If you look at the style of the Boozefighters, you might be amazed to see an emerging Rockabilly style way back in 1949 ! Check out those Pomps!

The December 1953 release of The Wild One, starring Marlon Brando recreates this seminal event. If you look at the style and the substance you will the see the catalyst to, which was as of yet, a nonexistent movement. Check out the Perfecto leather jackets, the cuffs on the venerable Levis' 501's ( maybe a little tighter than we're used to), the greasy pomps and the engineer boots.

The most amazing fact of this movie, is that it set the tone for a whole era that was yet to come, and that, being filmed in 1953, it predated Rock 'n' Roll. If you listen to the soundtrack, it's all freaked out Bebop Jazz.

One interesting note is that these greasy sum'bitches rode British bikes. How crazy is that? Except that the antagonist, Lee Marvin, rode a Harley. How backwards is that? Marlon (Johnny) rode a Triumph Thunderbird 6T.

Sidebar for Vancouver and Pacific Northwest residents, check the latest exhibit at the Trev Deeley collection. A retrospective of British bikes.
Canada's oldest Harley dealer, old school board track racer and biggest collector of vintage bikes.

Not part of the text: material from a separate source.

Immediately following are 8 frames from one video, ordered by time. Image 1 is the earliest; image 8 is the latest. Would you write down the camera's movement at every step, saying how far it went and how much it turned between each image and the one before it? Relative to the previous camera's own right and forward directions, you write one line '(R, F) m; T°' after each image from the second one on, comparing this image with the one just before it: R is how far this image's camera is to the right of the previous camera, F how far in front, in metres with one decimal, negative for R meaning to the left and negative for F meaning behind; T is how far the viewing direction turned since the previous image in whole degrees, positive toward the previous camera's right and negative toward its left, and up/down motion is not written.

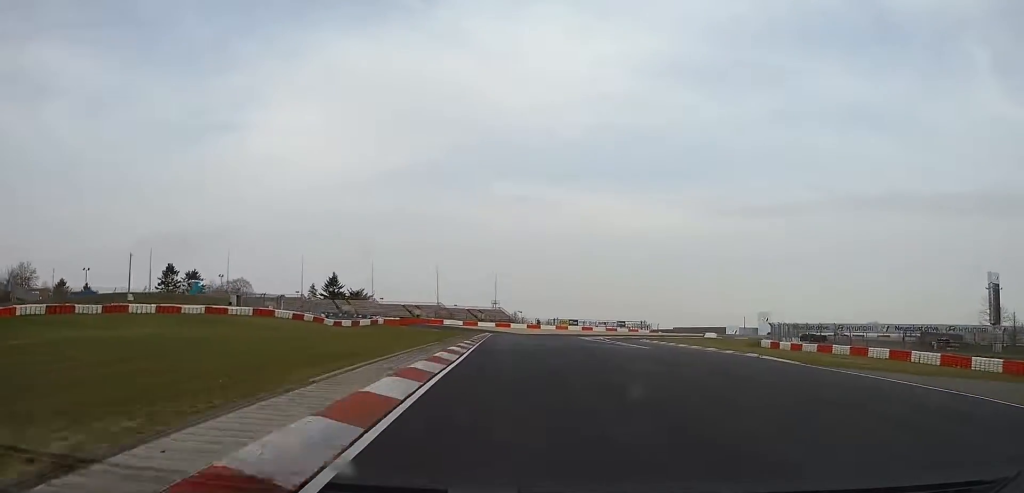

Fast forward two years and that hillbilly cat, Elvis, hit the scene. A local Memphis style was emerging, and some cats called it Rockabilly. The origins of the word are unclear, some say that Sam Phillips coined the term ( part Hillbilly, part Rock 'n' roll)
Mainly Sam Phillips and others have claimed the title, but nevertheless a sound was born. A lot of people don't realize that Rockabilly only lasted two years.By 1957 it had all but fizzled out giving way to a more pop centered and R&B influenced mainstream A localized Tennessee phenomenon at best, and once thought to relegated to obscurity, it has stood the test of time and endured for 60 years.

This is why we Rockabilly kats 'n' kittens dig this so much. It was the first Rock 'n' Roll, the first culture of rebellion and the first emergence of cool. The design paradigms of the fifties still remain cool today. It has withstood the test of time and will eternally be cool. (don't believe me? look at a picture of people in the 70's). This is why squares don't understand why they should never touch our hair.

The absolute purity of design of the Levis' 501, the Coke bottle , the Pomp, the 50's automobile, Herman Miller furniture, and Macintosh Audio components are still references for cultural cool.

The rockabilly ethic is alive and well all 0over the world. U.S.A., Canada, Scandinavia, Germany, all points in between , hell even Brazil and Japan; Rockabilly is everywhere and it rules. Judging by the ever growing popularity of events like Viva Las Vegas, Green Bay and local scenes everywhere, we are here to stay.

Adios for now, kats.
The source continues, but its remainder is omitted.